▶ **SUPPLIED RECORDS**
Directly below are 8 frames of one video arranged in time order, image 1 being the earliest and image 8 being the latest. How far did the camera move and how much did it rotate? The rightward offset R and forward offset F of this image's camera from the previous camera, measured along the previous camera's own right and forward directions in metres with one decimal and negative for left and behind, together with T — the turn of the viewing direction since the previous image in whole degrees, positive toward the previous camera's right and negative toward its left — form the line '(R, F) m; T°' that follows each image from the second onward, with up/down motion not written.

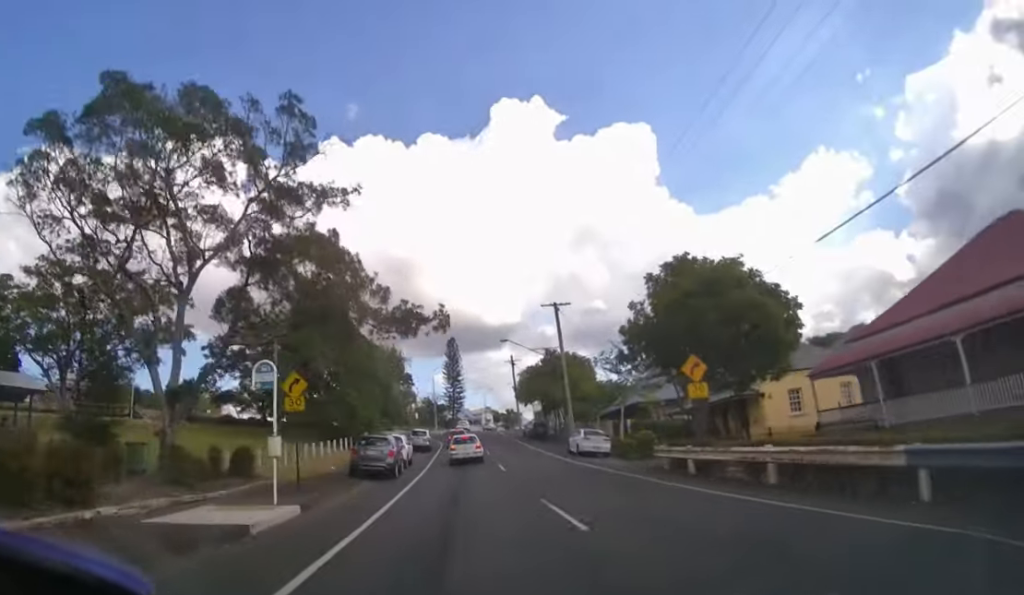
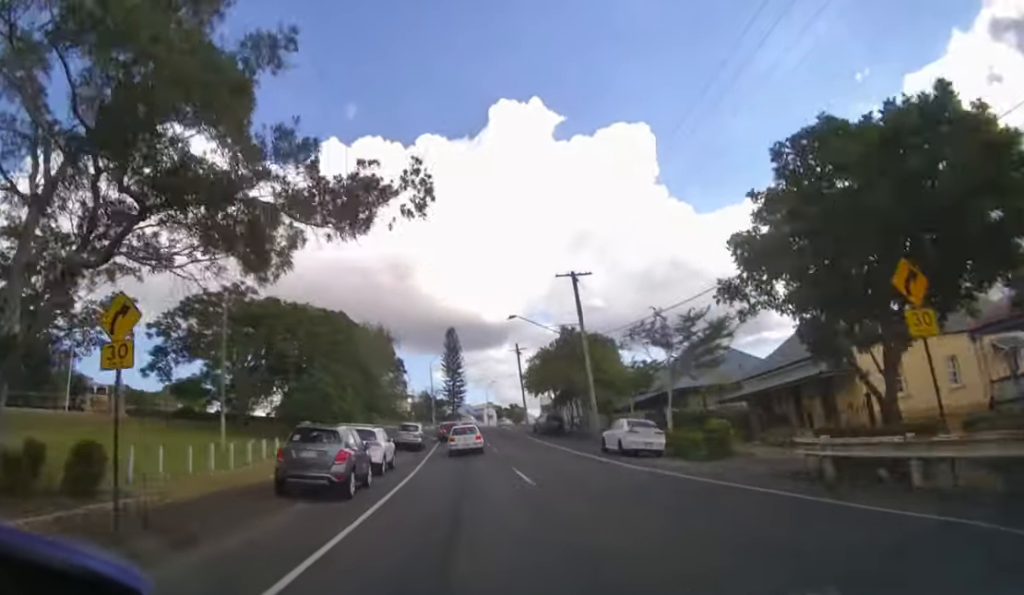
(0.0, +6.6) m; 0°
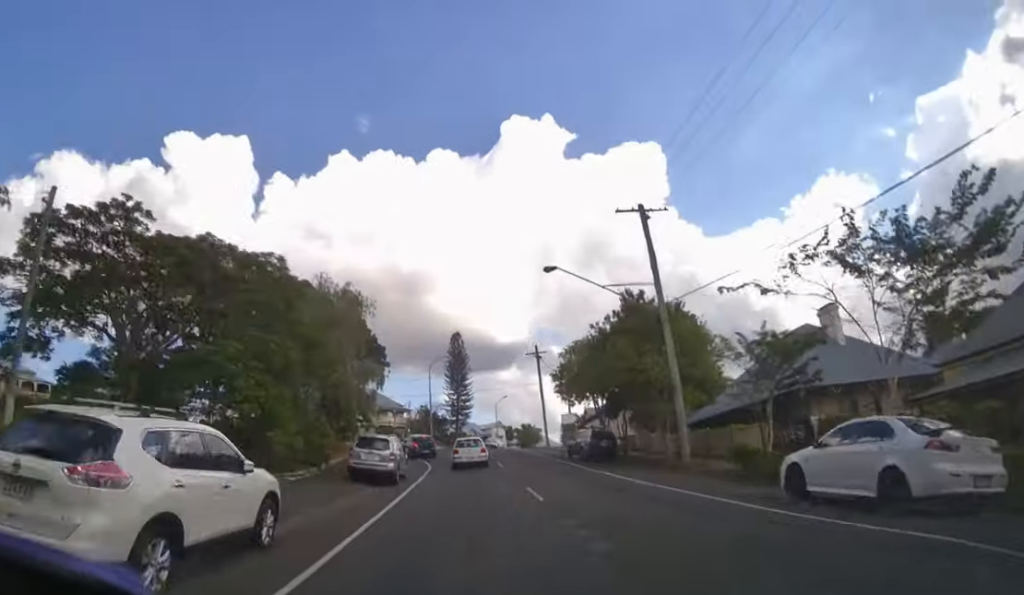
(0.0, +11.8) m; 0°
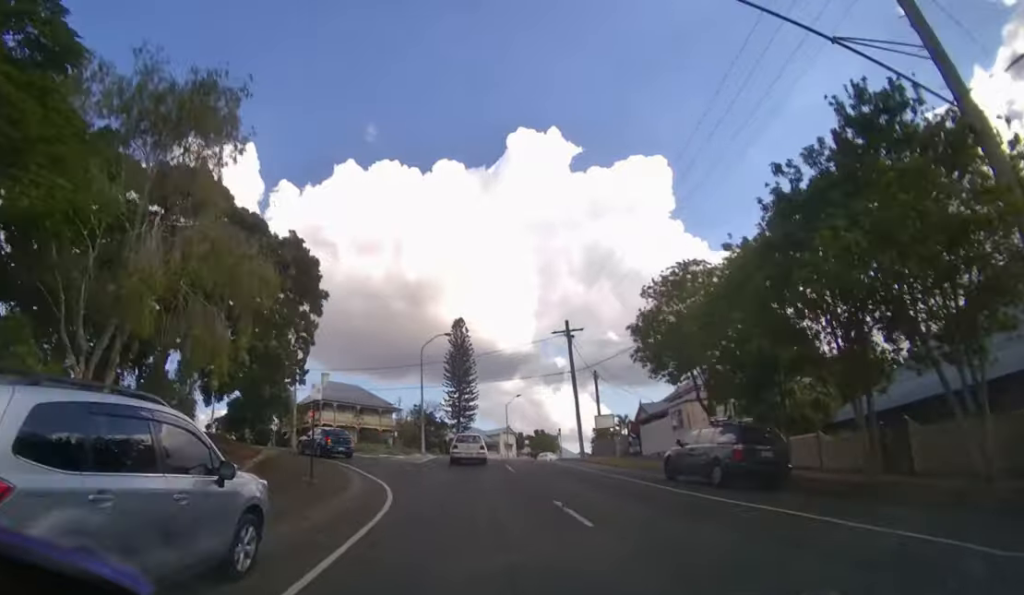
---
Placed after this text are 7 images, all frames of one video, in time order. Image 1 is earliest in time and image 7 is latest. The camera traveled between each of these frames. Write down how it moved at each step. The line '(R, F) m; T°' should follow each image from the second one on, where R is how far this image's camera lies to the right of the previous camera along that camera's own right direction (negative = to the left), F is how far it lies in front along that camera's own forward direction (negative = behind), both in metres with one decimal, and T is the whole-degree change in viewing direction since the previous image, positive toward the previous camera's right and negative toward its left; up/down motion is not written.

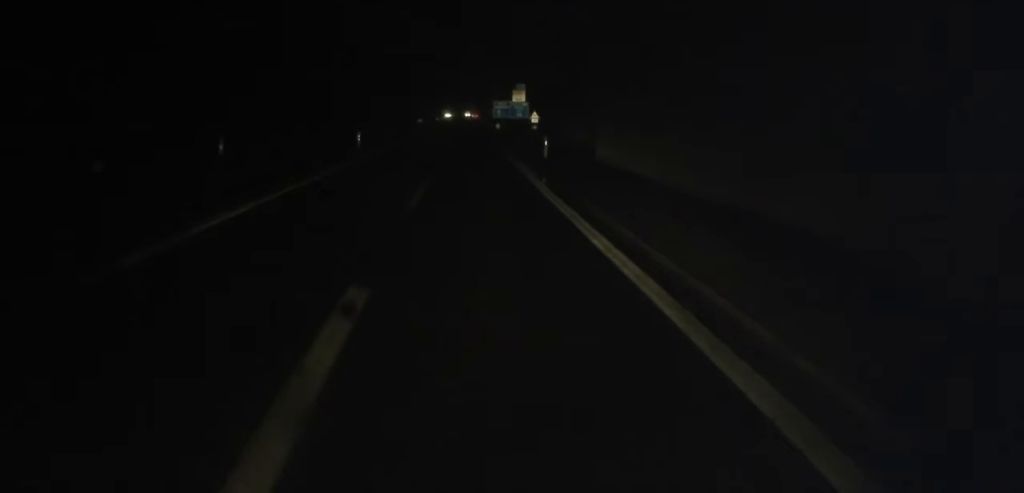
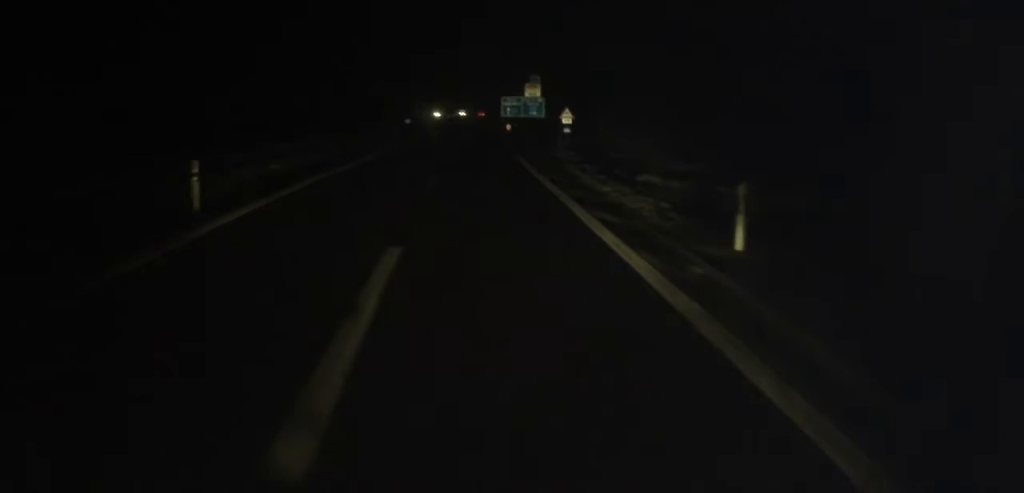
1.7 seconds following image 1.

▶ **TRY IT**
Above are records; repeat only the lines from the line with "Placed after this" through the line with "1.7 seconds following image 1.", and leave pictures out.

▶ **EXERCISE ANSWER**
Placed after this text are 7 images, all frames of one video, in time order. Image 1 is earliest in time and image 7 is latest. The camera traveled between each of these frames. Write down how it moved at each step. The line '(R, F) m; T°' should follow each image from the second one on, where R is how far this image's camera lies to the right of the previous camera along that camera's own right direction (negative = to the left), F is how far it lies in front along that camera's own forward direction (negative = behind), both in metres with one decimal, and T is the whole-degree change in viewing direction since the previous image, positive toward the previous camera's right and negative toward its left; up/down motion is not written.

1.7 seconds following image 1.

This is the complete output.